# Kubota L2000



## whistleway (Aug 1, 2015)

Hi, new to the forum. Just bought a Kubota L2000 and have a slight problem. I use a mower powered by the PTO and to start with no problems, the 3 point linkage lifts it and lowers it. However, once it's been running for a little while, the 3 point linkage fails to raise or lower the mower. It's obviously a problem with he hydraulics somewhere, can anyone point me in the right direction. Thanks in advance.


----------



## Thomas (Nov 1, 2006)

Does L2000 have hyd. filter or transmission screens which maybe plugging.


----------



## whistleway (Aug 1, 2015)

Simple answer is, I don't know. I've tried to find a service manual on-line but failed.

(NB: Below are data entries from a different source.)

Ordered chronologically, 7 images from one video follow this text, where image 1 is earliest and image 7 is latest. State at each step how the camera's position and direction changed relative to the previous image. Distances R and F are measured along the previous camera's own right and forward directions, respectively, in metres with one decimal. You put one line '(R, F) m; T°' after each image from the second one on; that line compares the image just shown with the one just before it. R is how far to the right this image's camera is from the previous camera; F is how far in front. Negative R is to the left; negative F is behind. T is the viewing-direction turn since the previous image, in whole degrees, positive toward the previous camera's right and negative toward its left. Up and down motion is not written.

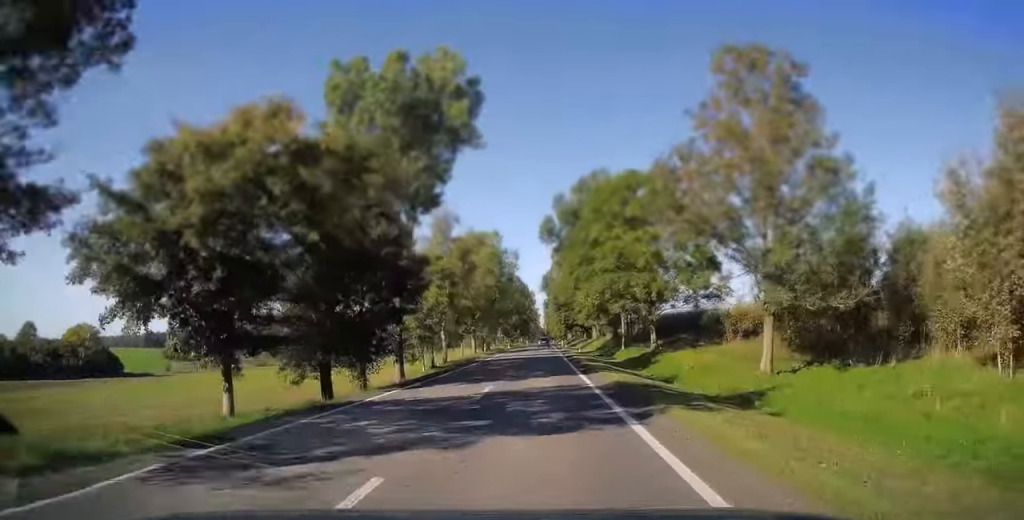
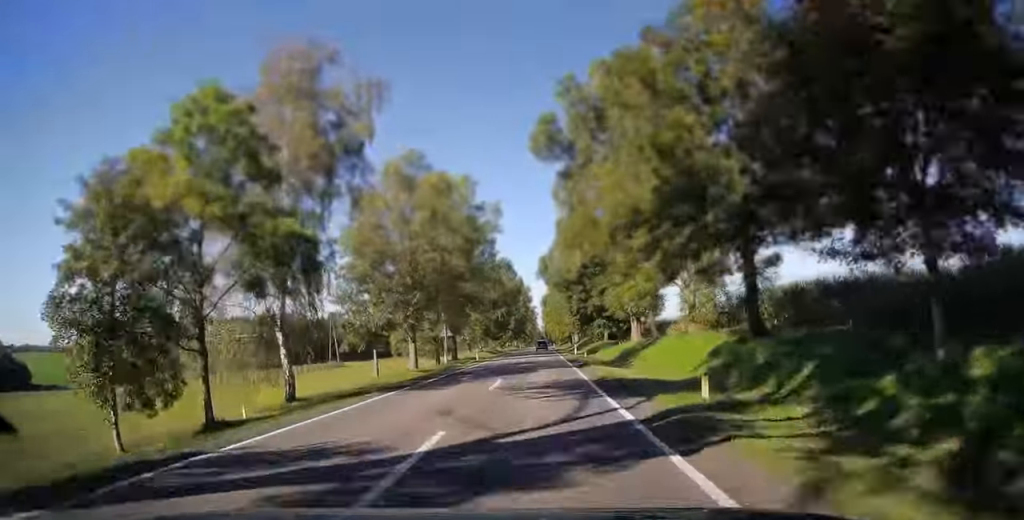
(0.0, +43.9) m; 0°
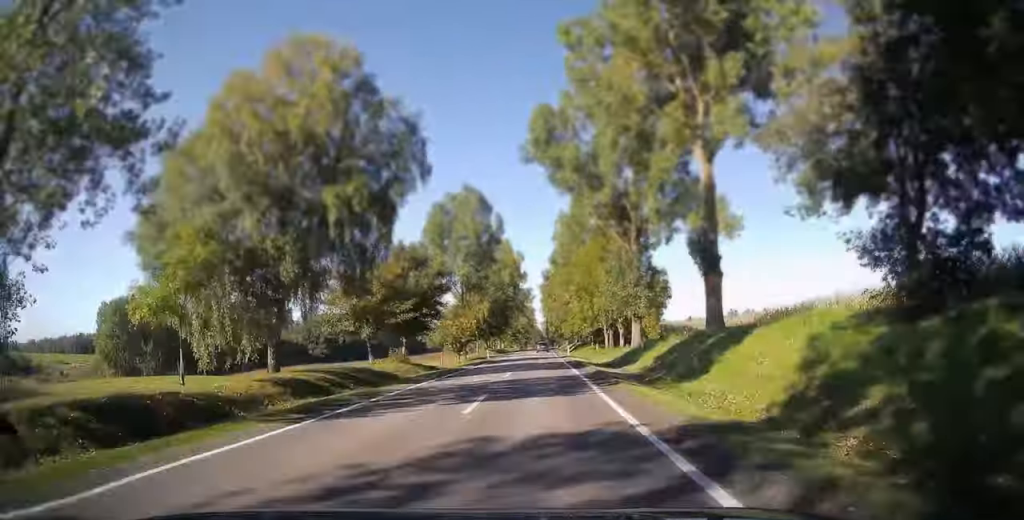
(+0.2, +88.2) m; 0°
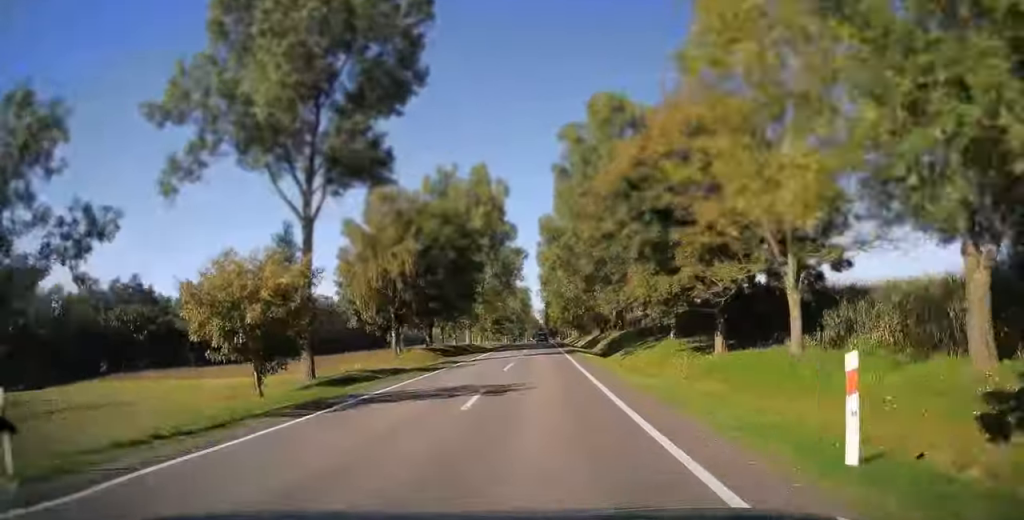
(-0.1, +60.5) m; 0°
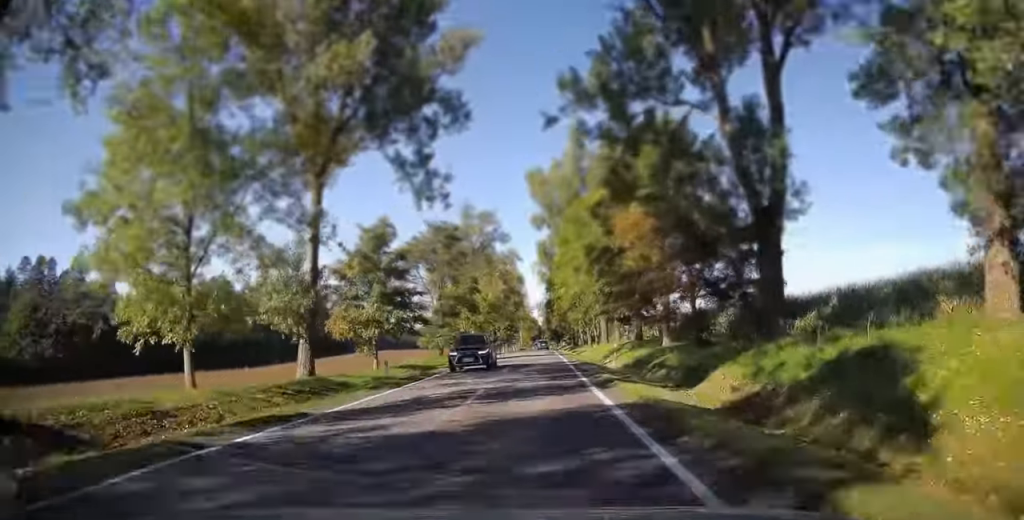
(-0.1, +82.5) m; 0°
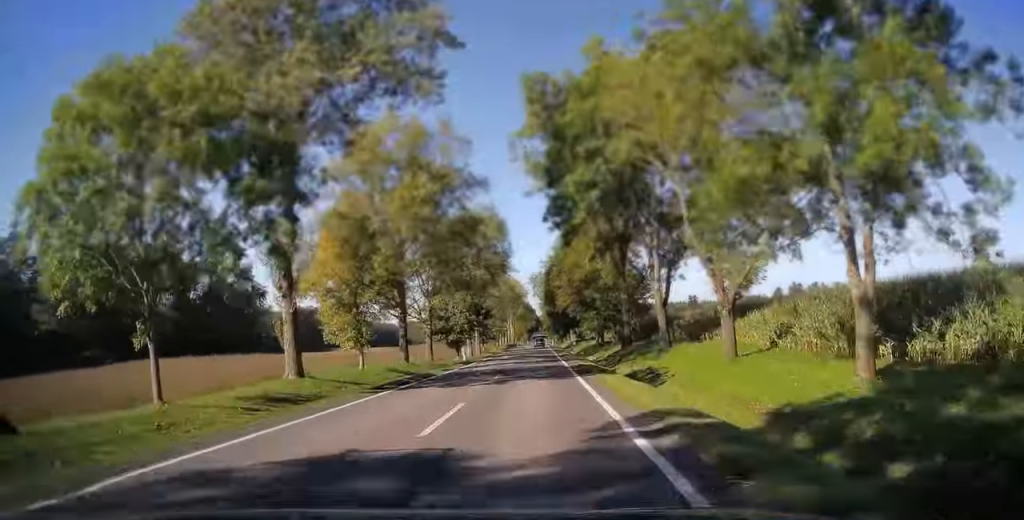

Was hoping that someone had experienced a similar problem, or there's someone else who has a L2000.


----------



## sixbales (May 18, 2011)

When it fails to lift, pull the hydraulic dipstick and inspect the fluid for tiny air bubbles entrained in the fluid. If so, you have a suction leak, most likely at your hydraulic pump. It takes a while to get enough air in the hydraulic system where it no longer works.

Simple fix (replace an o-ring seal), but you have to pull sheet metal, etc., to get down to the pump.


----------